Travel Light: Why quality over quantity is succeeding in the saturated travel journalism industry

With Instagram, Snapchat and vlogging making content creation and sharing open and accessible to anyone, where consumers get their travel inspiration and tips from has changed dramatically. The fame of travel journalism in which elegant prose is as much an indulgent experience itself as travelling is a thing of the past. Short, snappy pieces of content which give you a bit-sized top 10 and a couple of pretty photos has won sway. But what is there to learn from the big players who are preserving and promoting the art of travel journalism?

When luxury travel magazine SUITCASE launched in 2012, Founder and CEO Serena Guen felt there was a gap in the market for travellers of her generation that addressed a new way people are travelling. Not a backpacker nor a million dollar luxury traveller, she felt something was missing for those like her who were seeking a middle ground.

Whilst looking for tips and tricks on her own travels, Guen was underwhelmed by the volumes of tourist clichés that didn’t reflect the culture or life of the location and began collating city guides with the best recommendations from friends and locals. These quickly became popular amongst friends and family, and the idea of SUITCASE was born.

Aiming to cut through the internet noise Guen envisioned a print magazine that would be a one-stop-shop for travel inspiration and information. Initial market research indicated that in fact 98% of desired readers would prefer a print magazine, and noting that people in the UK spend 4x more on print than on Netflix, the quarterly magazine began appearing on newsstands across the UK. Today it’s distributed in over 30 countries worldwide regularly, and ordered in over 100.

Design is very minimalistic, akin to luxury collectable fashion magazines and coffee table books, with the majority of images taken by a series of talented global freelance photographers. Feature articles are similarly written by carefully selected writers. The magazine is not designed to digest all at once but to be enjoyed over time, with a goal that readers will “pick it up and get transported to another place”.

The print copy is supported by a slick online counterpart, which focuses on the more ‘practical’ side of travelling offering insider guides to cities and what-to-pack suggestions.
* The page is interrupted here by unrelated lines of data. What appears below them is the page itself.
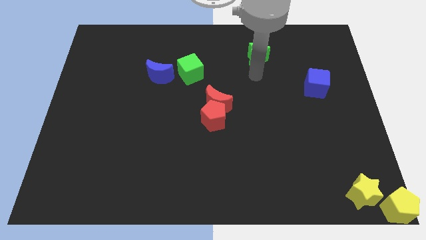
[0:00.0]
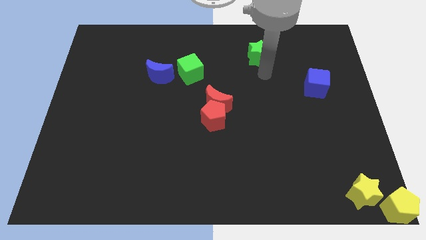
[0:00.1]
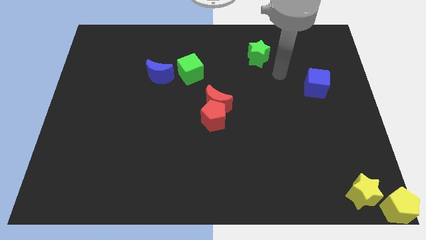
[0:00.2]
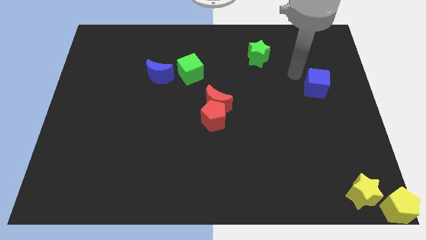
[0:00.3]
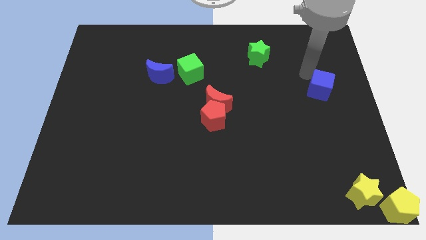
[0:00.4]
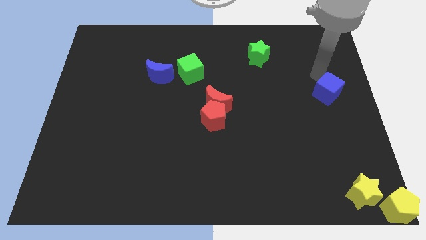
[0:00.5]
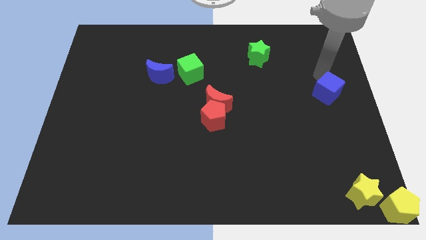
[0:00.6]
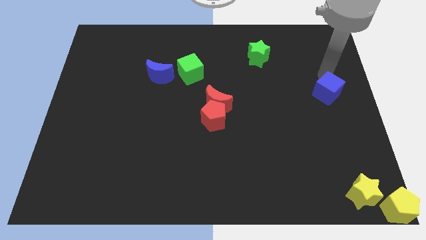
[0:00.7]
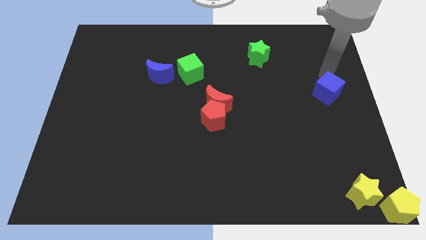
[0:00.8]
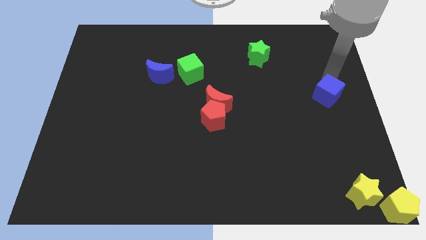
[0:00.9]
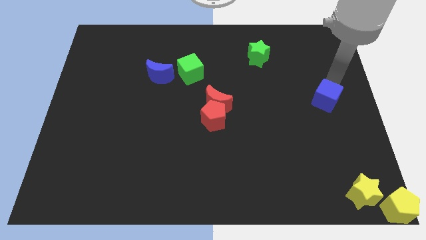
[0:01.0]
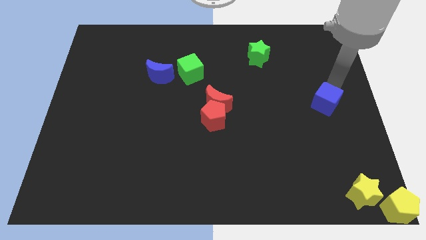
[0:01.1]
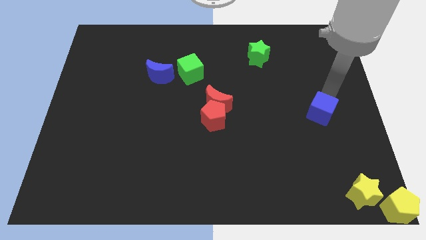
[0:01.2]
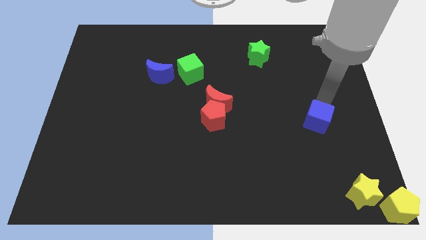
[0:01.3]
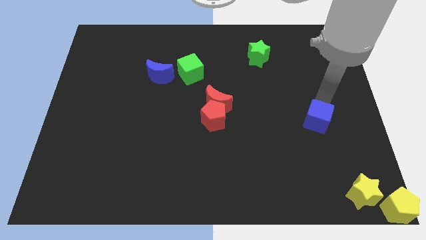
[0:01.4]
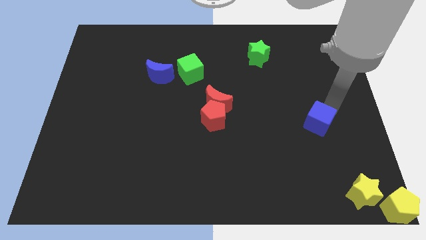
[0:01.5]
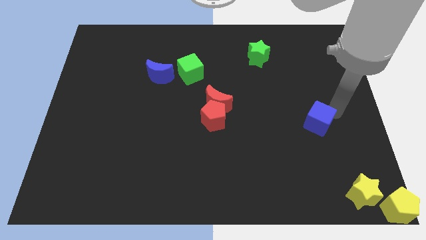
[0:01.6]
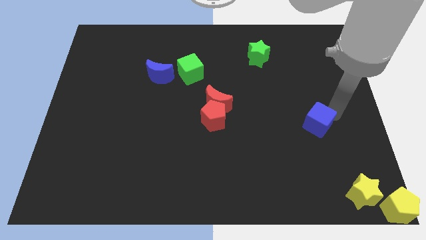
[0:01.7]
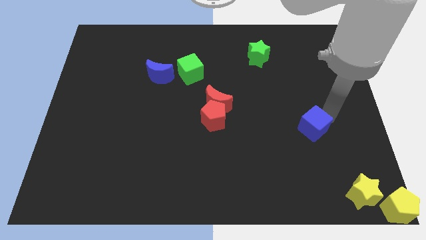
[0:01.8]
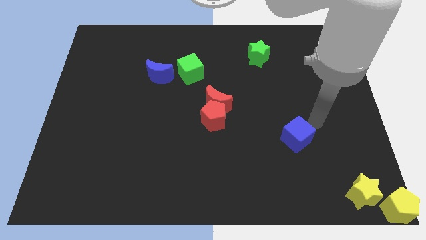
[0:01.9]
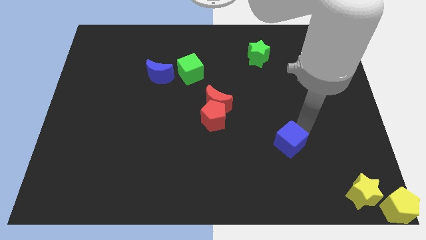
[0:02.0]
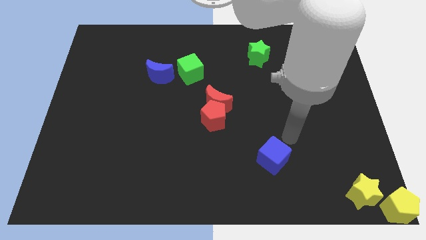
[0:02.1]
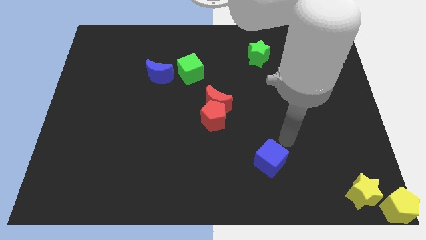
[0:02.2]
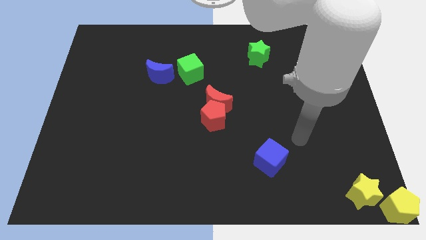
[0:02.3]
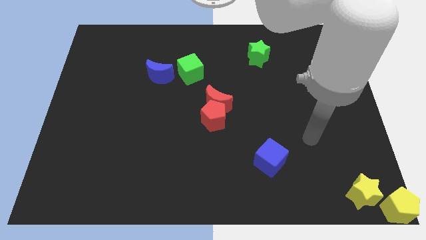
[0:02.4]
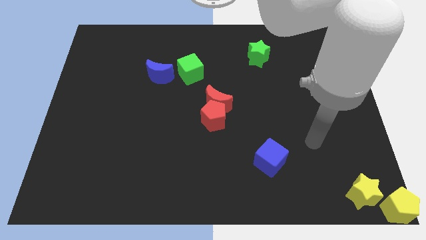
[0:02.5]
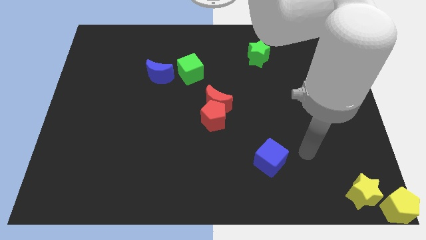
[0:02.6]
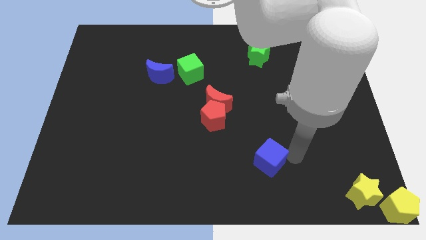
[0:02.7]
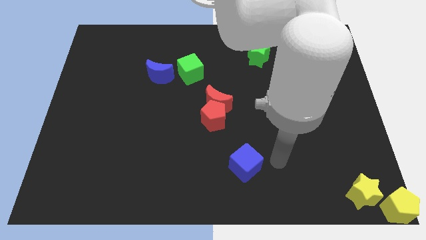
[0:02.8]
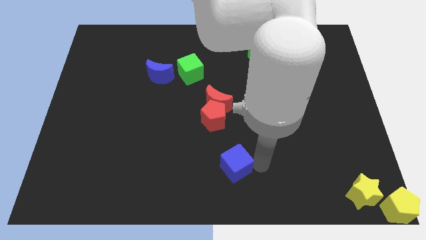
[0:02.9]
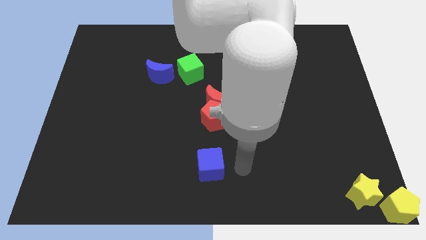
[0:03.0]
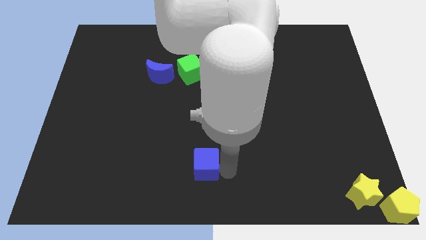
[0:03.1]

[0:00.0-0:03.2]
slide the blue cube below the red penatgon

The overall package of what Guen has created is as aesthetically beautiful and collectible curated travel + culture magazine; incorporating fashion editorials, photography and writing by international freelancers with local expertise, in a way that has not been done before.
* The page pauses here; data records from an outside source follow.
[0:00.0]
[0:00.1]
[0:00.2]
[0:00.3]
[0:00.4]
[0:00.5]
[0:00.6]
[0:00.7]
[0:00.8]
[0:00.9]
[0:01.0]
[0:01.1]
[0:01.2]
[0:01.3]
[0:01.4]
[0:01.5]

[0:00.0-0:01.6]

Offering genuine and meaningful content that gets to the heart of people’s travel desires, SUITCASE offers much more than standard clickbait material that floods google searches for any destination, big or small. And there’s proof in the pudding: readers spend an average of two minutes on the site, a four-fold increase of the average time spent on any website. Retention is high, with a strong online community of regular users, and they are currently working on new features that would bring exclusive benefits to members.

 

What can we learn from SUITCASE?

Better curated and less frequent content can be far more inspiring and impactful. Just because everyone else is making a lot of noise a lot of the time, it doesn’t mean we all have to. Is your brand falling in with the very large stack of ‘cliché’ content out there? Guen has found a way to engage and inspire travellers by carefully curating and thinking about what consumers really want to know. SUITCASE is now truly a trustworthy brand; how can other brands nurture their content to engender trust?